Roll up. Roll up. Ringmaster, rhetorician and raker of muck, it is not for nothing that the latest Michael Moore documentary is now an event to rival a new Batman movie. Sicko, a righteous rant against America’s scandalous resistance to the notion of socialised medicine sees the rowdy filmmaker in fine fettle, a condition that brings out the very best and worst in him.
Gimmicky and lopsided and pregnant with those flaws that political entertainers of a different stripe love to harp on, Sicko could not be accused of even-handedness. Oh well. Even Fred Wiseman, with his studious methodology can’t eliminate the natural bias of the documentarian. And with Mr. Moore, the endearingly strident agenda is essential to his global appeal.
Certainly, his stunts can inspire groaning from the gallery. When he reveals himself as the guardian angel who anonymously bailed out the avatar behind a leading Moore-bashing website one can’t help but think of McClintic Sphere’s dictate that one should “help without publicising your ass”.
No matter. Sicko, his least divisive and most focussed film to date, is, for the most part a no-brainer. Travelling with a caravan of 9/11 rescue workers whose medical plans would not extend to covering the health problems caused by that fateful day, Mr. Moore visits England, Canada, France, Guantanamo Bay and, wouldn’t you know it, Cuba. There, Che Guevara’s granddaughter sensibly informs us that universal health care is a basic human right while Moore’s sickly companions are treated (for free) in a swish hospital that might easily be mistaken for the Louvre.
For all his argumentative aerobatics and chicanery in the editing suite (the use of Stalinist anthem ‘March Of The Kuban’ on the soundtrack is just downright naughty) Michigan’s most celebrated son puts forward a case that’s difficult to fault. The USA is, after all, the only industrialised country in the world that’s prepared to dump necessitous patients out on the street. We hear testimony from a 75 year-old working two jobs to pay for his outrageously priced prescriptions. One doctor confesses that as the medical director of a health insurance company (or HMO), she has purposely withheld potentially lifesaving treatments.
How can this have come to pass? Well, we hear a Richard Nixon recording on which he makes approving noises for less medical cover and more medical profit.

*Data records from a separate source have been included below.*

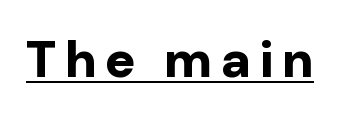
Type style note: lacks serifs. A typesetter would mark this as roman, not italic. Caption: bold face, heavy strokes. This sample has the flowing, uneven cadence of proportional lettering.
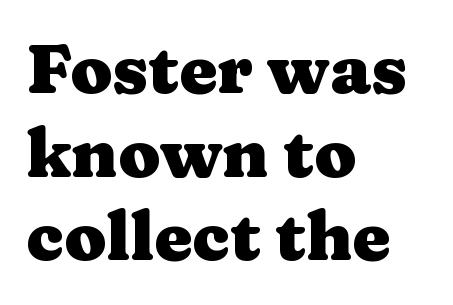
Posture: vertical. Yep, those are serifs on the letters. Spacing verdict: proportional, widths tailored to each character. Heavy, bold letterforms. Bare-footed words on every line.
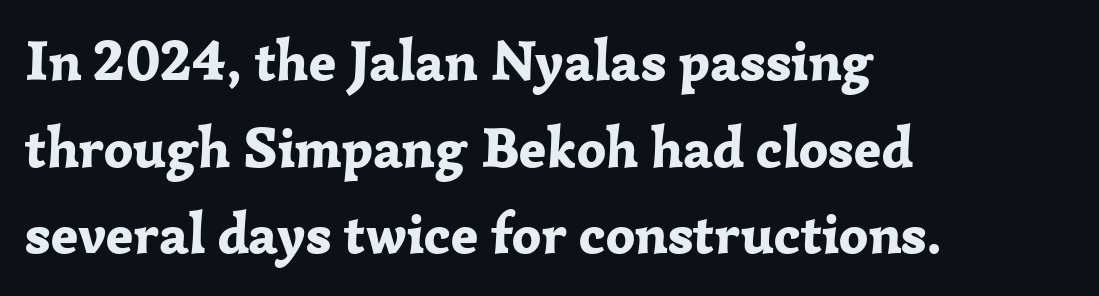
The image shows 57 px bold serif type, upright; set left-aligned, normal line spacing (1.52x), normal letter spacing, not underlined; low stroke contrast and a medium x-height.
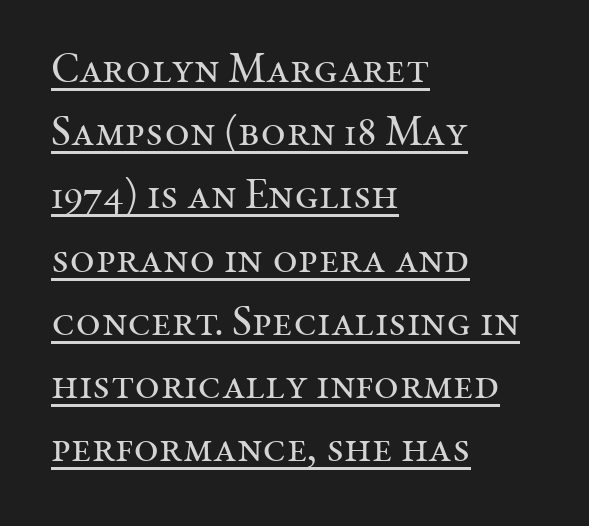
{"serif": "yes", "italic": "no", "bold": "no", "weight": "regular", "width": "normal", "stroke_contrast": "medium", "x_height": "medium", "monospaced": "no", "underline": "yes", "align": "left", "line_spacing": "normal", "line_spacing_ratio": 1.47, "letter_spacing": "normal", "letter_spacing_em": 0.0, "glyph_px": 43}
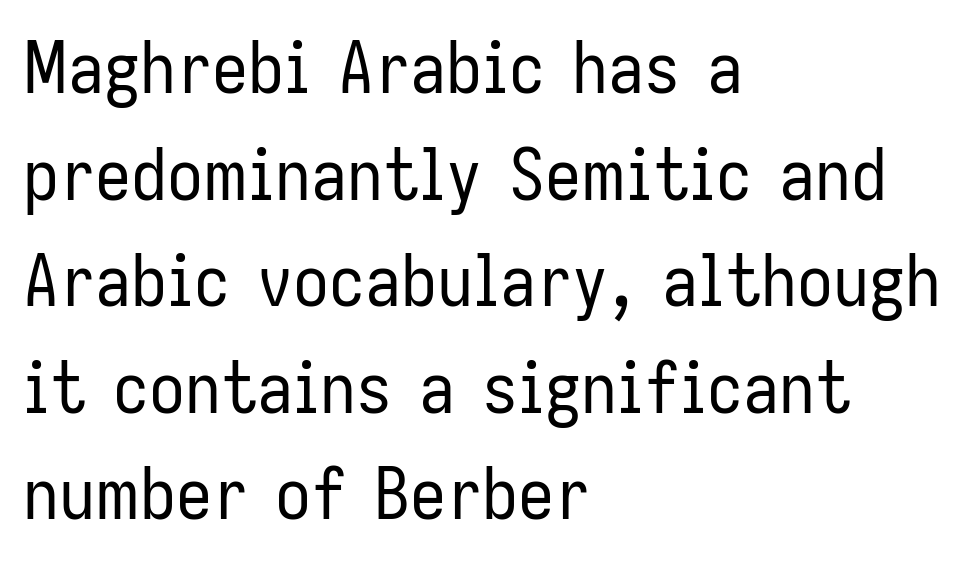
These lines are set flush left with a ragged right edge. Nobody touched the tracking dial on this one. If you measured baseline to baseline, you'd find a middling distance. The specimen omits any rule beneath the text block's lines.
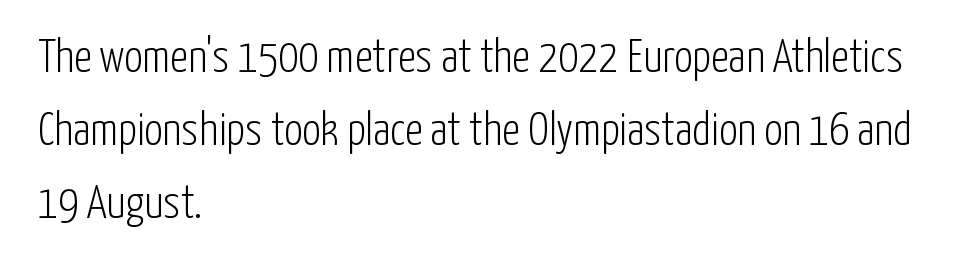
Descenders hang freely into open space. Serif or sans? Sans — the stroke terminals are bare. Varying glyph widths throughout — classic text-font behaviour. Weight: in the light-to-regular range. Italic? Not at all — the glyphs are vertical. Layout note: lines flush left.
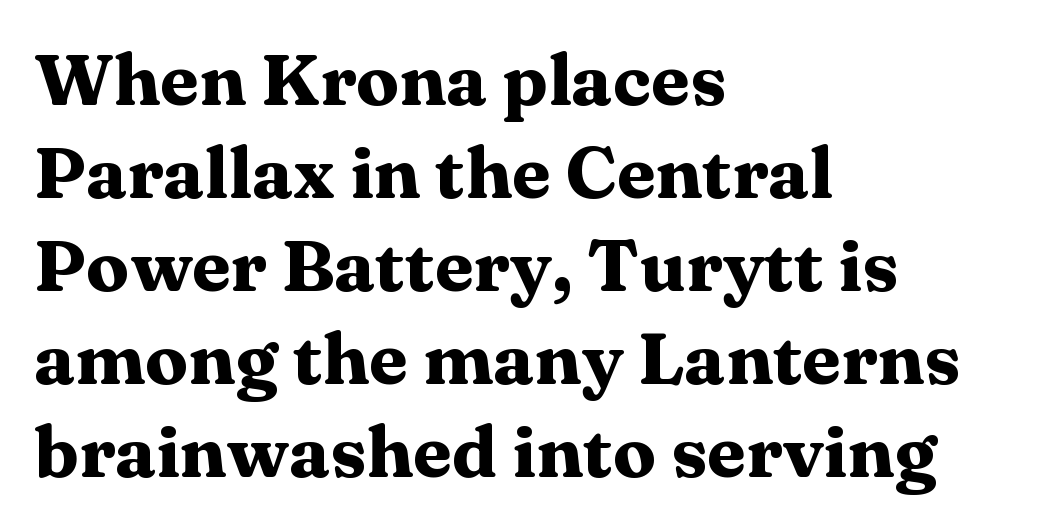
Visually the block forms a straight wall on the left and a jagged coastline on the right. The rendering uses natural spacing where letterforms have individual widths. Nothing unusual about the tracking: characters are spaced as the font intends. Interline gaps are of average width in this sample.
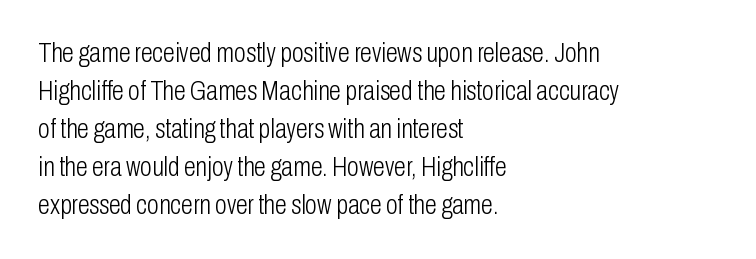
The image shows 27 px text type, upright; set left-aligned, normal line spacing (1.41x), normal letter spacing, not underlined.
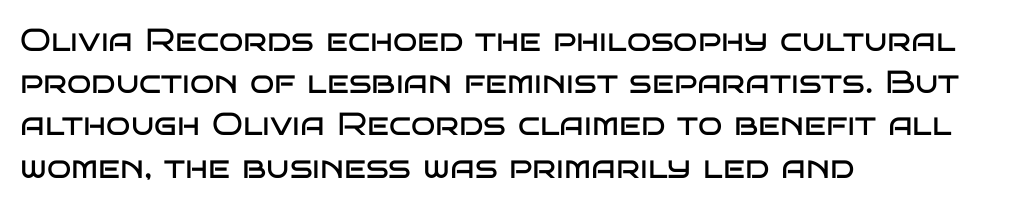
The image shows 32 px regular-weight, wide sans-serif type, upright; set left-aligned, normal line spacing (1.32x), normal letter spacing, not underlined; low stroke contrast and a large x-height.
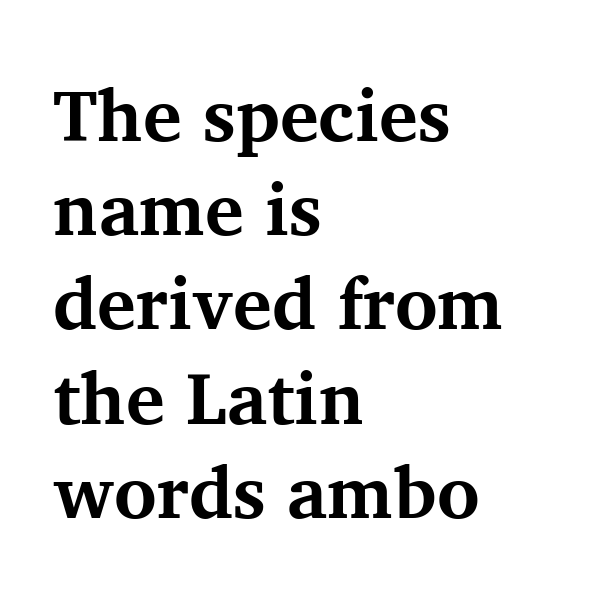
Q: Is the text bold? A: Yes.
Q: Is the text italic (slanted)? A: No, it is upright.
Q: Is the typeface a serif or a sans-serif typeface? A: Serif.
Q: Is the text underlined? A: No.
Q: How is the paragraph aligned? A: Left-aligned.
Q: Is the spacing between letters normal or unusually wide? A: Normal.
Q: Is the spacing between lines tight, normal or loose? A: Normal.
Q: Width (condensed, normal, or wide)? A: Normal.
Q: Stroke contrast? A: Medium.
Q: x-height? A: Medium.
Q: Monospaced? A: No.
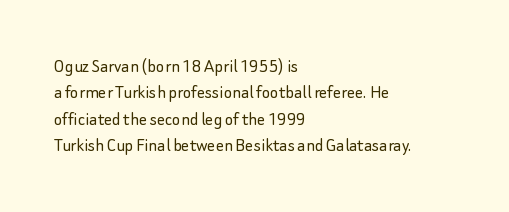
The image shows 20 px text type, upright; set left-aligned, normal line spacing (1.32x), normal letter spacing, not underlined.

And just to reinforce the idea of a system that only works for the elite who maintain it, we learn that Hilary Clinton, who once vowed to reform America’s gangrenous health system, is now on the HMO payroll.
Does this all amount to entertainment? Damned straight. Is it agitprop? Of course it is. Might he, or anyone else, have found a decent argument for private health care? As if…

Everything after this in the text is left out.